Control Share Acquisitions
Maryland law provides that "control shares" acquired in a "control share
acquisition" have no voting rights unless approved by a vote of two-thirds of
our outstanding voting shares, excluding shares owned by the acquiror or by
officers or directors who are employees of ours. "Control shares" are voting
shares which, if aggregated with all other shares previously acquired by the
acquiring person, or in respect of which the acquiring person is able to
exercise or direct the exercise of voting power, other than by revocable proxy,
would entitle the acquiring person to exercise voting power in electing
directors within one of the following ranges of voting power:
o one-tenth or more but less than one-third;
o one-third or more but less than a majority; or
o a majority of all voting power.
Control shares do not include shares the acquiring person is then entitled
to vote as a result of having previously obtained stockholder approval. A
"control share acquisition" means the acquisition of control shares, subject to
certain exceptions.
A person who has made or proposes to make a control share acquisition,
upon satisfaction of certain conditions, including an undertaking to pay
expenses, may compel our Board of Directors to call a special meeting of
stockholders to be held within 50 days of demand to consider the voting rights
of the shares. If no request for a meeting is made, we may present the question
at any stockholders' meeting.
If voting rights are not approved at the stockholders' meeting or if the
acquiring person does not deliver the statement required by Maryland law, then,
subject to certain conditions and limitations, we may redeem any or all of the
control shares, except those for which voting rights have previously been
approved, for fair value. Fair value is determined without regard to the
absence of voting rights for the control shares and as of the date of the last
control share acquisition or of any meeting of stockholders at which the voting
rights of the shares were considered and not approved. If voting rights for
control shares are approved at a stockholders' meeting, the acquiror may then
vote a majority of the shares entitled to vote, and all other stockholders may
exercise appraisal rights. The fair value of the shares for purposes of these
appraisal rights may not be less than the highest price per share paid by the
acquiror in the control share acquisition.

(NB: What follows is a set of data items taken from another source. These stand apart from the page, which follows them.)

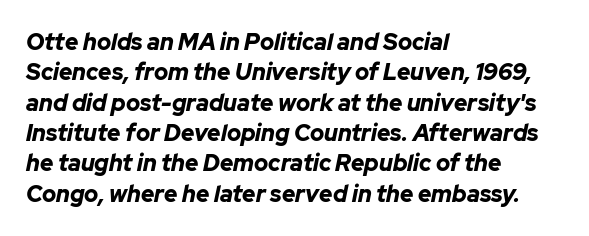
The image shows 23 px bold type, italic (leaning right); set left-aligned, normal line spacing (1.32x), normal letter spacing, not underlined.
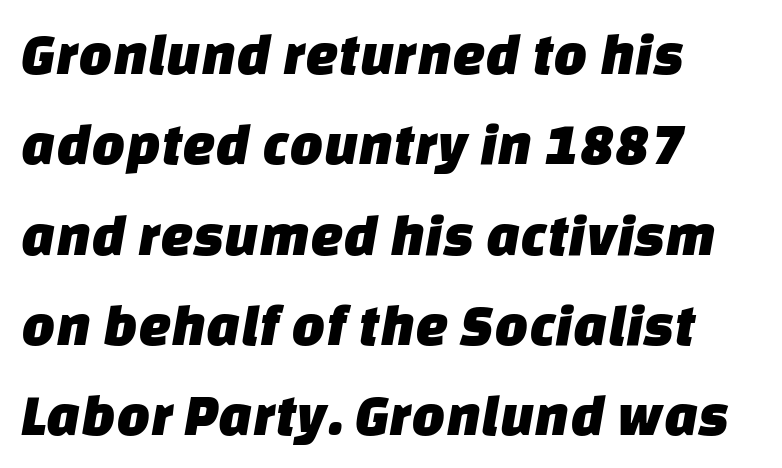
Q: Is the typeface a serif or a sans-serif typeface? A: Sans-serif.
Q: Is the text underlined? A: No.
Q: How is the paragraph aligned? A: Left-aligned.
Q: Is the spacing between letters normal or unusually wide? A: Normal.
Q: Is the spacing between lines tight, normal or loose? A: Normal.
Q: Width (condensed, normal, or wide)? A: Normal.
Q: Stroke contrast? A: Low.
Q: x-height? A: Large.
Q: Monospaced? A: No.
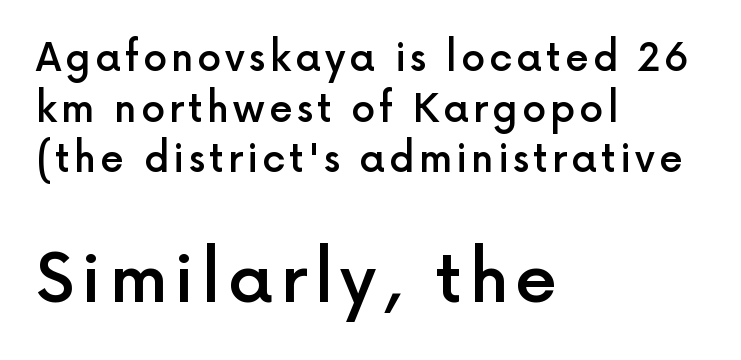
{"serif": "no", "italic": "no", "bold": "semi", "weight": "semibold", "width": "normal", "x_height": "medium", "monospaced": "no", "underline": "no", "align": "left", "line_spacing": "normal", "line_spacing_ratio": 1.33, "larger_block": "second", "size_ratio": 1.76, "glyph_px": 67}
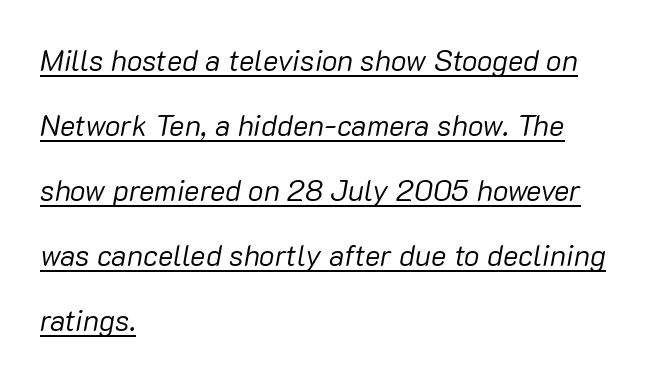
Q: Is the text bold? A: No.
Q: Is the text italic (slanted)? A: Yes, it leans right by about 10 degrees.
Q: Is the text underlined? A: Yes.
Q: How is the paragraph aligned? A: Left-aligned.
Q: Is the spacing between letters normal or unusually wide? A: Normal.
Q: Is the spacing between lines tight, normal or loose? A: Loose.
Q: Width (condensed, normal, or wide)? A: Normal.
Q: Stroke contrast? A: Low.
Q: x-height? A: Medium.
Q: Monospaced? A: No.
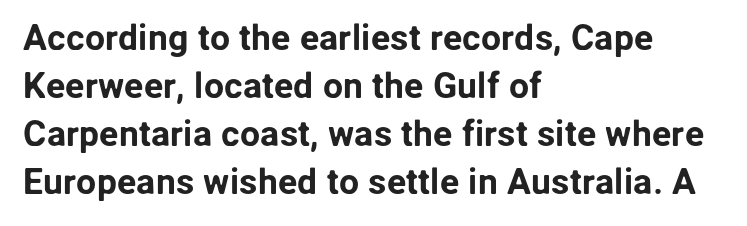
Just letters on the line, the space beneath them empty. This is roman type, the default non-slanted kind. Looks like regular typesetting: each glyph gets only the width it needs. Short note: letters normally spaced. This sample is left-justified, so line endings fall wherever the words run out. Vertical spacing — default.
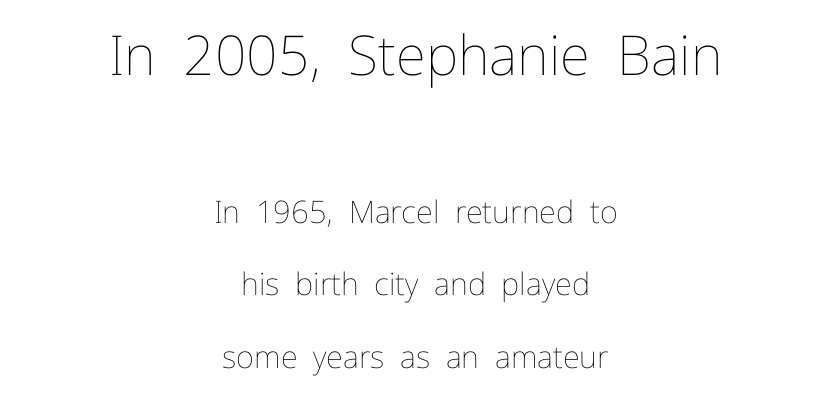
{"italic": "no", "bold": "no", "weight": "thin", "width": "normal", "stroke_contrast": "low", "x_height": "medium", "monospaced": "no", "underline": "no", "align": "center", "line_spacing": "loose", "line_spacing_ratio": 2.33, "letter_spacing": "normal", "letter_spacing_em": 0.0, "larger_block": "first", "size_ratio": 1.77, "glyph_px": 55}
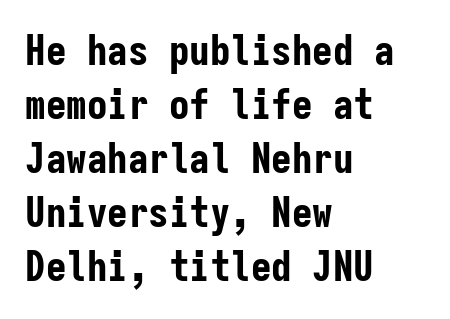
The image shows 41 px bold, condensed sans-serif type, upright, monospaced; set left-aligned, normal line spacing (1.32x), normal letter spacing, not underlined; low stroke contrast and a medium x-height.
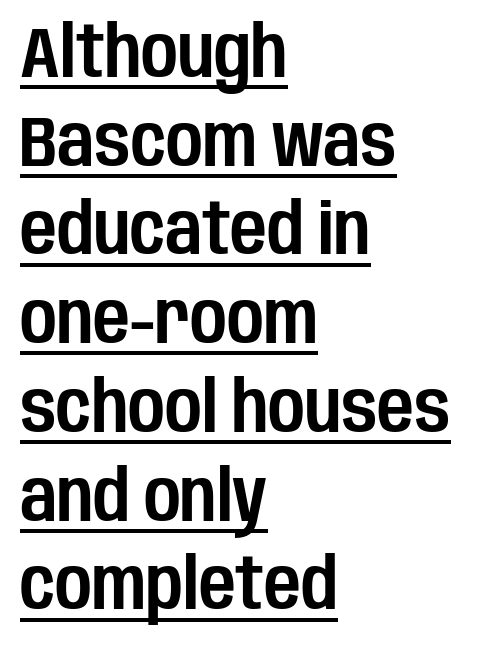
{"serif": "no", "italic": "no", "width": "condensed", "stroke_contrast": "low", "x_height": "large", "monospaced": "no", "underline": "yes", "align": "left", "line_spacing": "normal", "line_spacing_ratio": 1.25, "letter_spacing": "normal", "letter_spacing_em": 0.0, "glyph_px": 71}

The control share acquisition
statute does not apply to shares acquired in a merger, consolidation or share
exchange if we are a party to the transaction, nor does it apply to
acquisitions approved or exempted by our Charter or Bylaws.
Our Bylaws exempt from the Maryland control share statute any and all
acquisitions of our common or preferred shares by any person who, as of
December 31, 1996, owned in excess of 20% of the then outstanding shares of
common stock and preferred stock of the Company. As of December 31, 1996, only
Mr. Charles J. Urstadt, Chairman and Chief Executive Officer of the Company,
beneficially owned in excess of 20% of the outstanding common and preferred
shares of the Company. The Board of Directors has the right, however, to amend
this exemption at any time in the future.
Dissolution Requirements
Maryland law generally permits the dissolution of a corporation if
approved (i) first by the affirmative vote of a majority of the entire Board of
Directors declaring such dissolution to be
36
advisable and directing that the proposed dissolution be submitted for
consideration at an annual or special meeting of stockholders, and (ii) upon
proper notice being given as to the purpose of the meeting, then by the
stockholders of the corporation by the affirmative vote of two-thirds of all
the votes entitled to be cast on the matter. This provision of the Maryland law
could delay or deter our liquidation.
Certain Recent Provisions of Maryland Law
Maryland law also provides that Maryland corporations that are subject to
the Exchange Act and have at least three outside directors can elect by
resolution of the board of directors to be subject to some corporate governance
provisions that may be inconsistent with the corporation's charter and bylaws.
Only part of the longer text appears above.